В отделении сержант бросил на стол дежурному лейтенанту мой паспорт, нож и стал что-то рассказывать, кивая на меня. Лейтенант смеялся. О чем они говорили, я не слышал. Казалось, теплый воздух вокруг меня блаженно сгустился и стал теплой ватой, сплошным тюфяком, периной, звуки сквозь него доходили неотчетливо и приглушенно. Я сидел на стуле, клевал носом. Клевал, клевал — и провалился.
Проснулся оттого, что сержант сильно потер мне уши. Лейтенант с любопытством разглядывал меня и улыбался. Он был очень молод и, наверно, ему было очень уютно за своим столом, где были аккуратно разложены какие-то папки и стоял письменный прибор. Наверно, ему было хорошо от сознания, что все вокруг входят и выходят, а он сидит за своим столом.
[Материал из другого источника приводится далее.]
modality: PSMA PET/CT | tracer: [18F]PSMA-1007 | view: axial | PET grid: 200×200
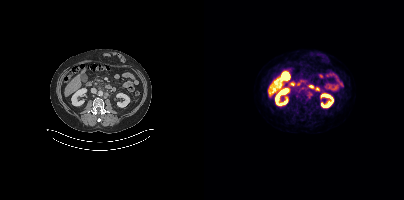
Coordinates are on the 200×200 PET (right) panel. PSMA-avid tumor lesion bounding box (x0, y0)-(x1, y1): (102, 96)-(107, 100). Small PSMA-avid focus (2 to 4 px across) near (center x, center y): (93, 95).
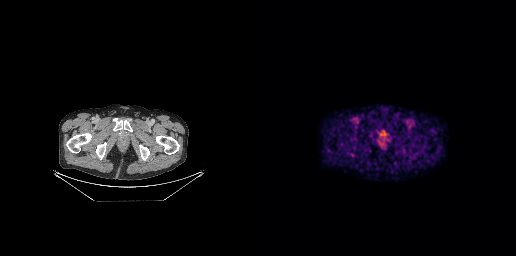
Technique: Two-panel axial: CT | PSMA PET, 18F-PSMA tracer. PET panel 256×256 px (2.7 mm/px).
Findings: No PSMA-avid tumor lesions on this slice.

— Отпустите меня? — спросил я тупо. — Мне домой надо, у меня деньги украли.
— Ишь ты скорый какой! — Лейтенант рассмеялся, и на его крепких красных щеках появились ямочки. — Так сразу тебя и отпусти! Еще проверим, что ты за птица! На тебе бумагу, пиши. Все пиши: где украли, откуда ехал, куда, зачем в трактор залез. Все пиши!
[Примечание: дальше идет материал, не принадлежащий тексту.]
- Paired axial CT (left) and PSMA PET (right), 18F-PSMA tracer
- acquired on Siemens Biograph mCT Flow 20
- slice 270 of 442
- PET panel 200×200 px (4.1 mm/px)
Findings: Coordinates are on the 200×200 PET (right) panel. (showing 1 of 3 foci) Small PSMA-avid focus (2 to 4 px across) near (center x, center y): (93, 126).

Он вытащил из стола лист чистой бумаги, ручку и положил на стол, потом глянул на часы, потер руки и, изобразив на лице некую начальственную сосредоточенность, крикнул:
— Сидоренко!
Сержант заглянул в дверь. На его лице была пыльная, мятая усталость, он, наверно, не успел ее сразу снять, и теперь лицо его прямо на глазах вдруг стало внимательным и холодным.
— Чайку организуй, — сказал лейтенант и, глянув на меня, опять улыбнулся, потер руки. — Проверим, что ты за птица из породы пернатых!
Он рассмеялся, довольный своей шуткой, открыл ящик стола и положил перед собой какой-то сверток.
Я писал, стараясь врать правдоподобно, и чувствовал грязь у себя на спине, она облезала, как чешуя. Бумага на столе шуршала, я глянул и подавился собственной слюной. Лейтенант ел бутерброд с колбасой, мимоходом просматривая лежащие на столе бумаги. Я ткнулся глазами в стол и, часто моргая, глотая слюну, молил бога, чтоб он куда-нибудь вышел, лейтенант, а бутерброд оставил бы…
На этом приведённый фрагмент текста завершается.